Hours passed, yet Frances gave no sign. He worked on, ceaselessly. Louise woke and slept and woke and slept. Once she spoke.


‘She’ll come round all right,’ he answered; and he willed it with all his might. His will was a flame, searing him, goading him on. It was a thing more than mere will. It was — could it be — love?

At night the miracle happened. Frances’s eyes, half-open, heavy, uncomprehending, were idly upon him. He stopped, and caught his breath. The eyes opened wider, and — as if her mind as well as her vision were gathered into focus — they felt out toward him with question and with understanding.

An ecstasy of thanksgiving gushed up in his heart, flooding him. The joy was almost pain. He turned his head away. Then he pulled himself together, and went on with his work.

Three sunny, thawing days passed before the sound of the chugging stage fell upon their welcoming ears. The doctor was still at work, never having stopped to sleep. It had been a long but a victorious fight. Complete recovery, though not yet achieved, was assured.

He had never once been conscious of exhaustion; but when Little Willie came into the room, an ally from the outside world, Dr. Calhoun said only, ‘Get some woman,’sank into a chair, and was at once asleep.

Frances and Louise explained, — they had long since regained speech, — and Little Willie started off at once for a neighbor.

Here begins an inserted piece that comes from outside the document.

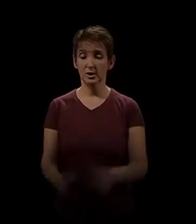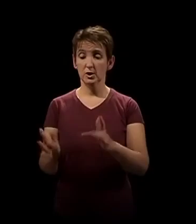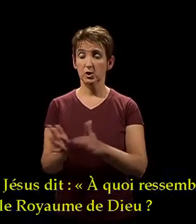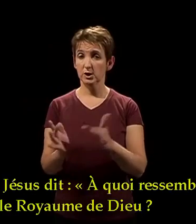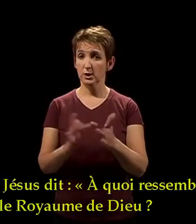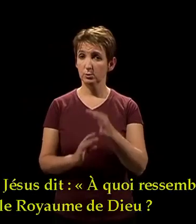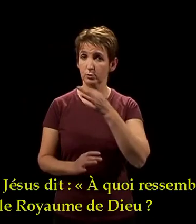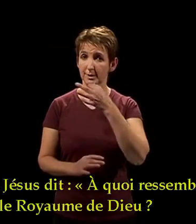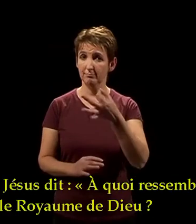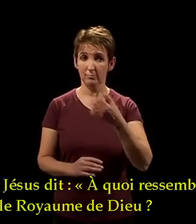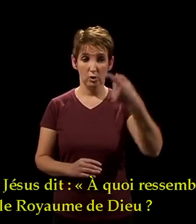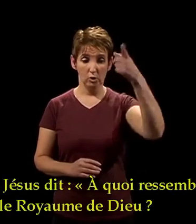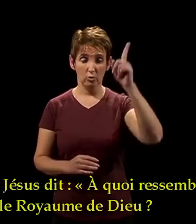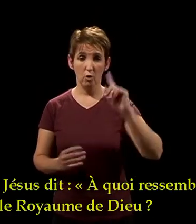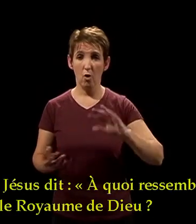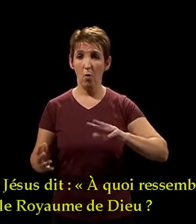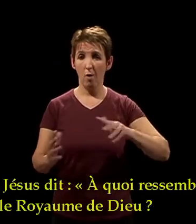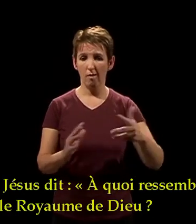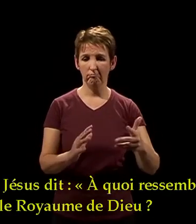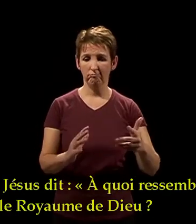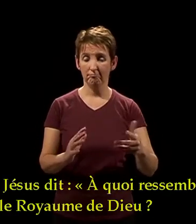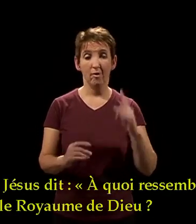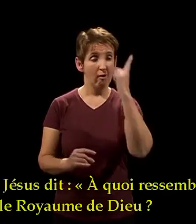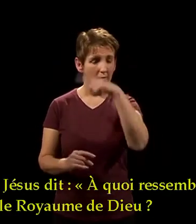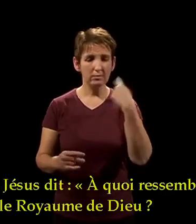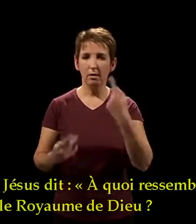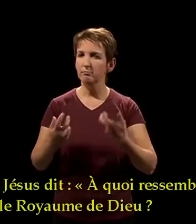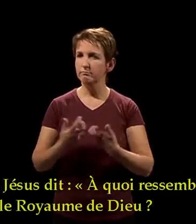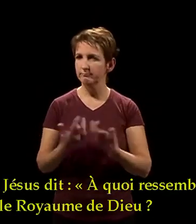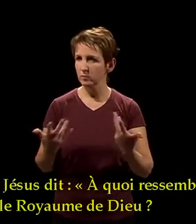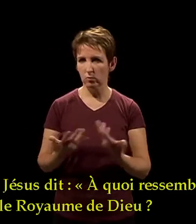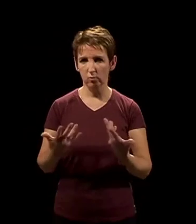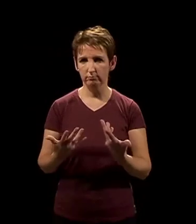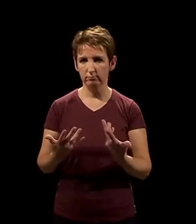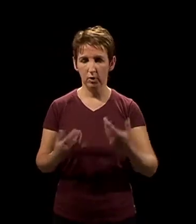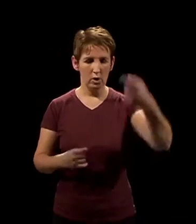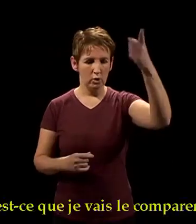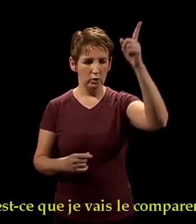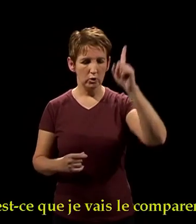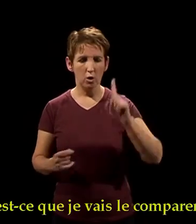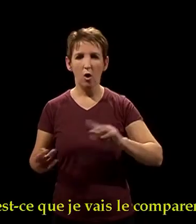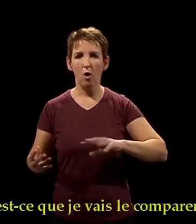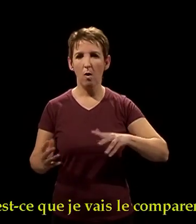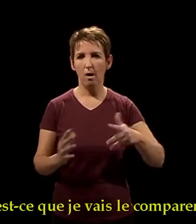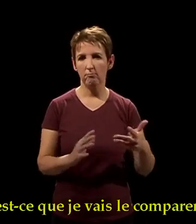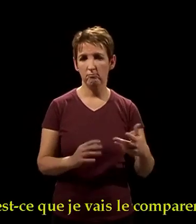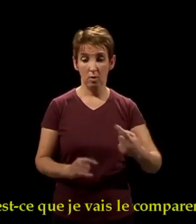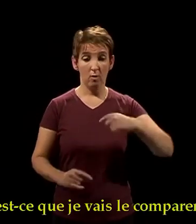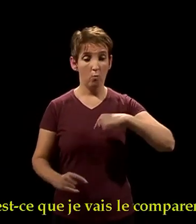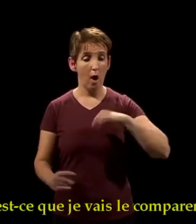Ensuite, Jésus dit « À quoi ressemble le royaume de Dieu ? » À quoi est-ce que je vais le comparer

‘ I’m glad he does n’t snore,’ said Frances, absently. ‘Does Jim?’

‘ Why, what a question! ’ She stopped a gasping moment; then, ‘O Fran!’

‘ What utter nonsense! What do you mean? How absurd! Why, I hardly know the man! Besides—’ She broke off. Then, with apparent irrelevance, ‘O Louise, I do wish you had your Jim here. ’

Louise paused a moment. Then she retorted, ‘It is customary, I believe, to wait till after marriage, and it is only decent to wait till after engagement, before patronizing and pitying one’s old-maid friends!’

Her eyes and her voice and her laugh were sunny with understanding. Here was a tale, oh, what a tale, to write to Jim!